My kids were born when I was in my early 20s and my breasts were strictly food producing machines and were worse for the wear at the end of it all.  I thought, nearly daily, about how nice it would be to have the old breasts back – nursing my kids had dropped me almost 2 cups sizes resulting in a modified National Geographic look – and wondering if I would ever be able to have a boob job.  Thanks to modern lingerie inventions, I could rock the low cut tops and as I neared 40, I was athletic, reasonably attractive and well aware of – and finally in control of – the attention I received.  I felt confident, powerful and desirable and occasionally a little sexy.

I count my “cancer anniversary” as my surgery day not the day I was diagnosed.  The day they carved away at my body was truly the day my life changed, not the day they told me something has been trying to kill me.  But the loss of that sensual part of me that had garnered so much attention over the years was worthy of marking. The mastectomy marked the end of an era in which I  – or frankly anyone else – could view my body as a commodity and opened up a period of healing the damage done by a society and life so focused on what a pair of D cups could do for me.

My relationship with the remaining TaTa is conflicted to say the least.  In all of its 40+ year old, post breastfeeding droopy glory it now stands out on an otherwise flat surface.  After all those years of  getting up in the night to pee, arms across my chest cupping my breasts as if they needed to be kept warm or held to my ribs so they didn’t jiggle, now I reach across to cover the wound in the dark. Those nights of lovemaking and caressing are now overshadowed in confusion about how to deal with the flat side of my chest and how to be okay with the attention lavished on the remaining one.
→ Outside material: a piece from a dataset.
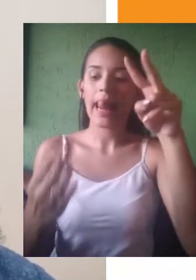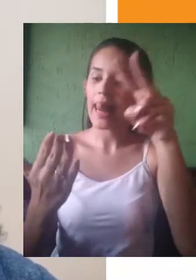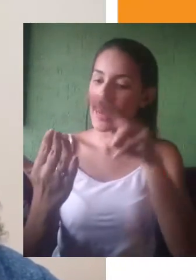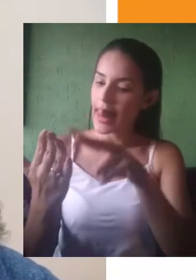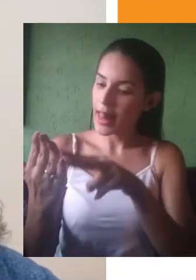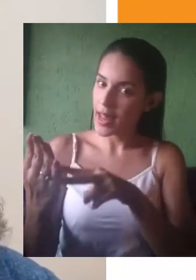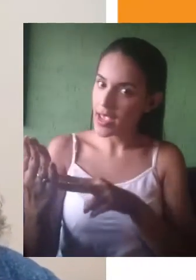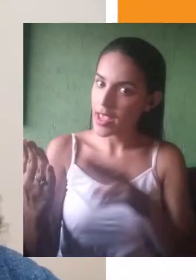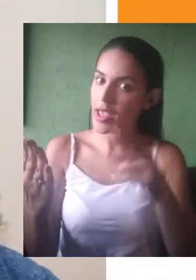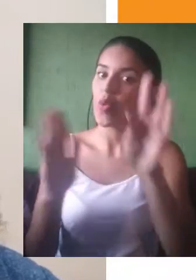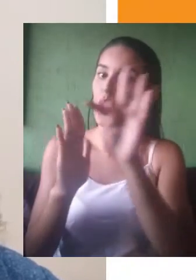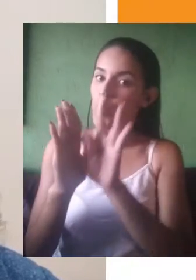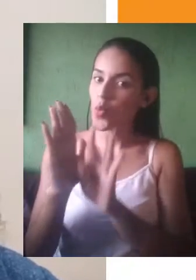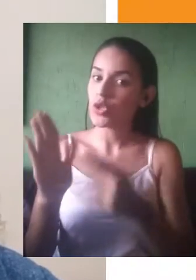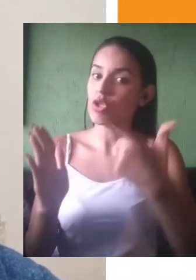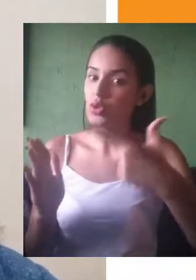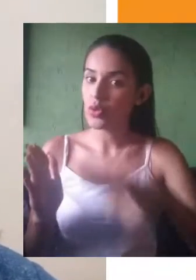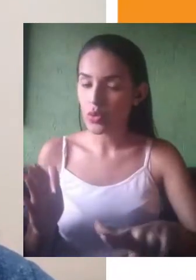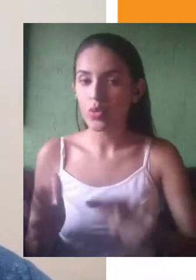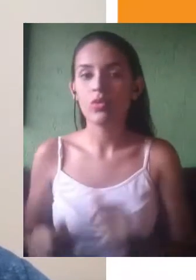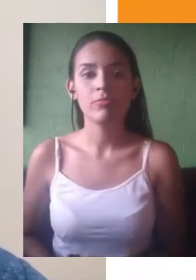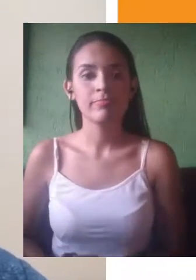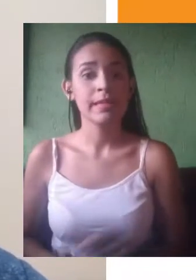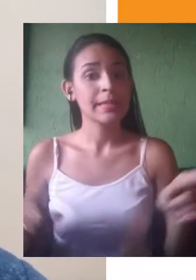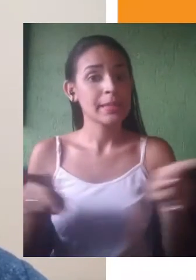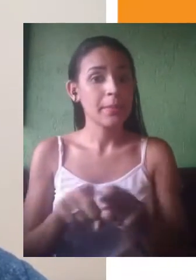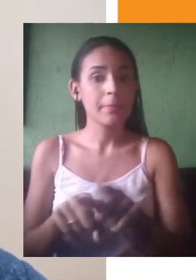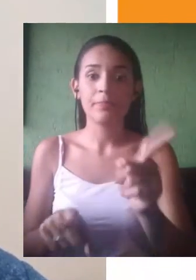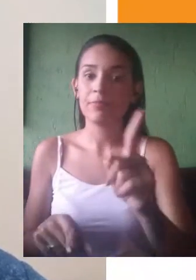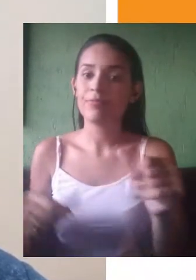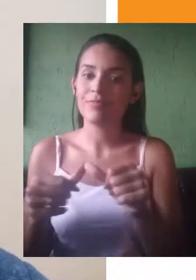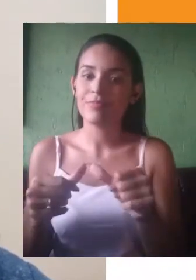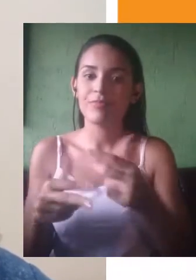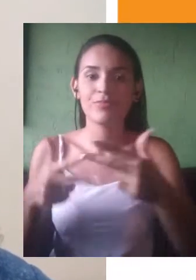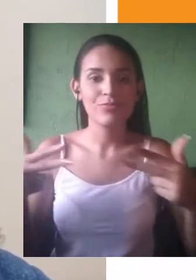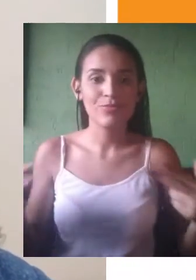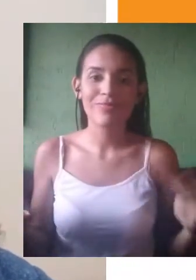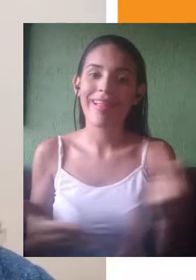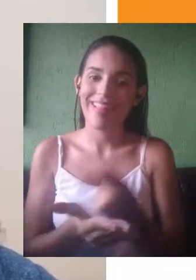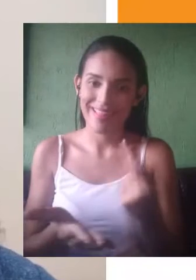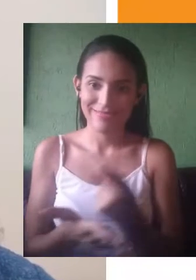de evitar algumas falhas e de evitar algumas práticas muito comuns na hora de escrever a redação.

How do you swallow the “boobs aren’t important” conversation when that is how your partner reaches for you in moments of passion?  How do you deal with the freakishness of being half boy, half girl in a frilly nightie? Since I wear a prosthesis during the day, it is at night that I have to deal with the reality of the situation in the most vulnerable and challenging moments.  So many times, after having worn the prosthetic breast all day I forget….I get underdressed and catch a glance in the mirror – and holy crap!  It slams back into me.  Watching sex scenes in movies with Neil and all the focus on boobs leaves me at a loss.  How can I be sexy looking like this? I have breast envy and find myself staring at women who are oozing out of tight, low cut shirts and dangling their wares as they bend over.  I feel like a teenage boy.  I just want to be NORMAL but I no longer know what that means.
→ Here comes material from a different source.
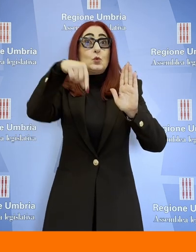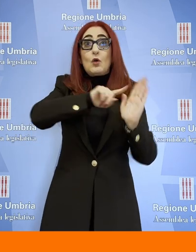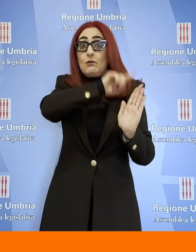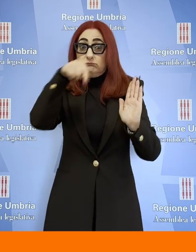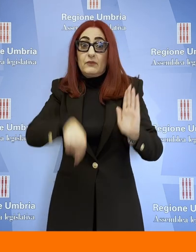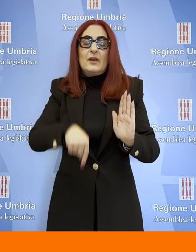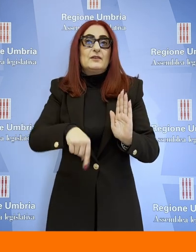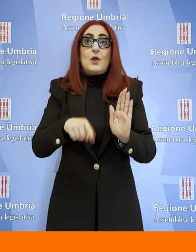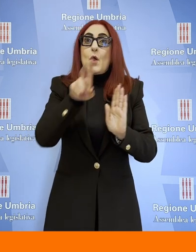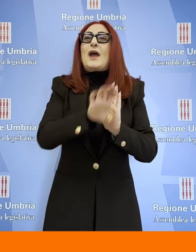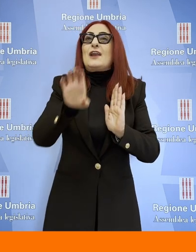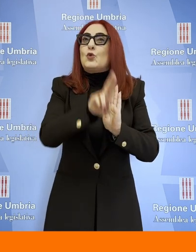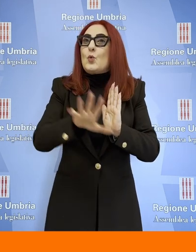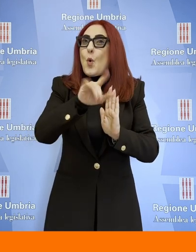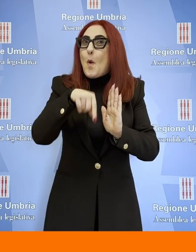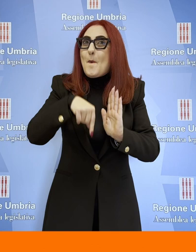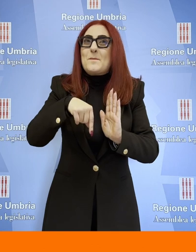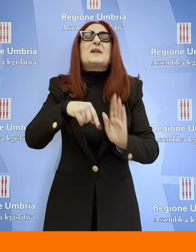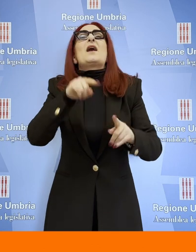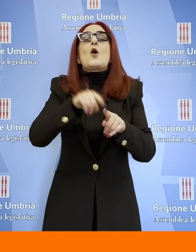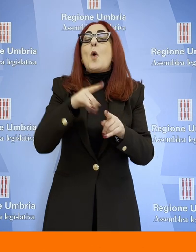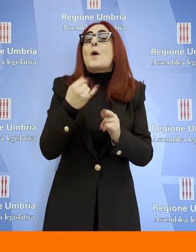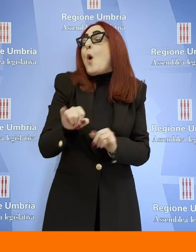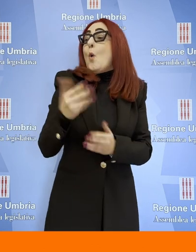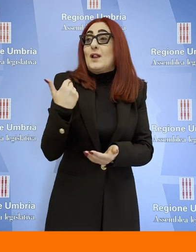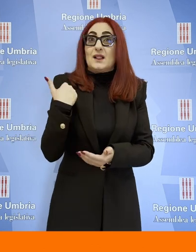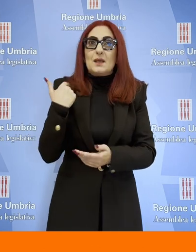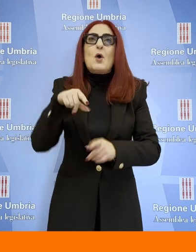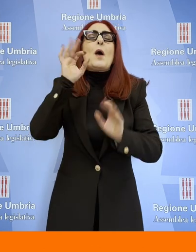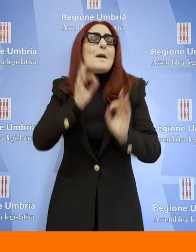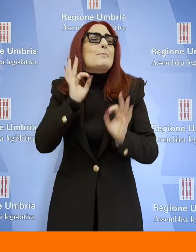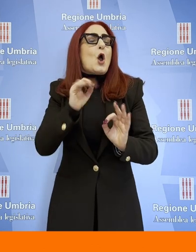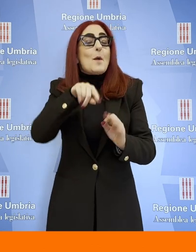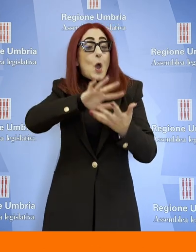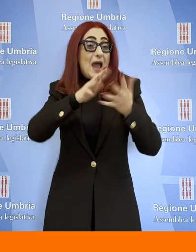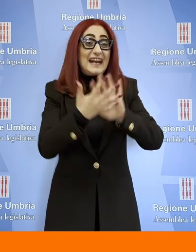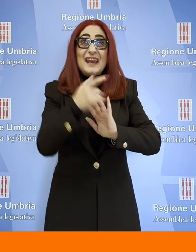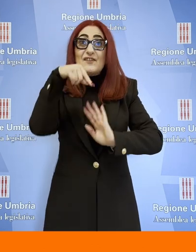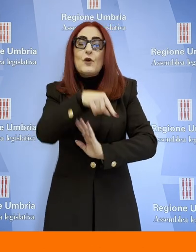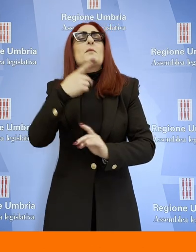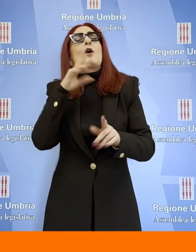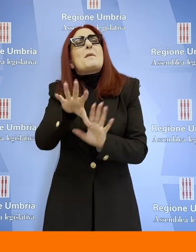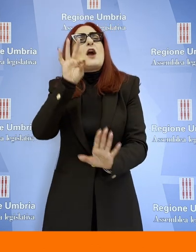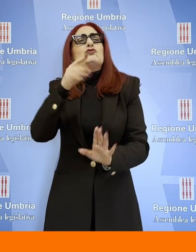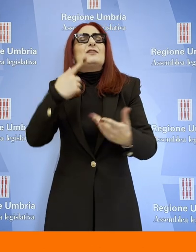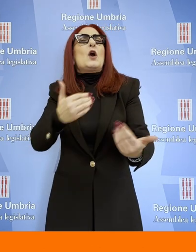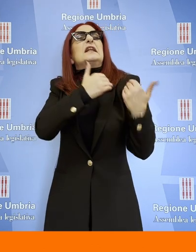Umbria attraverso questa riforma ha scelto responsabilmente di rafforzare la sua identità e il legame con il territorio e la comunità.

After a lifetime spent KNOWING how important breasts are, the conflict between my own experience as a woman and an abuse survivor and what I see in the mirror and  tell myself is true is disorienting. So I explore my inner terrain and look at the dark shadowy spots in an attempt to shed some light on how I got here.  It is important to understand where the story begins, in order to give it the ending I consciously and happily choose. I have to know WHAT I am healing in order to let the healing begin.  Little kids can make 2 +2 = 6 and that is to some extend what I did in order to make sense cope with what was going on as a little kid.  Even though as an adult I could better wrap my brain around how wrong it was I was unable to heal truly the wound until cancer came and provided a opportunity to change,  grow, and heal.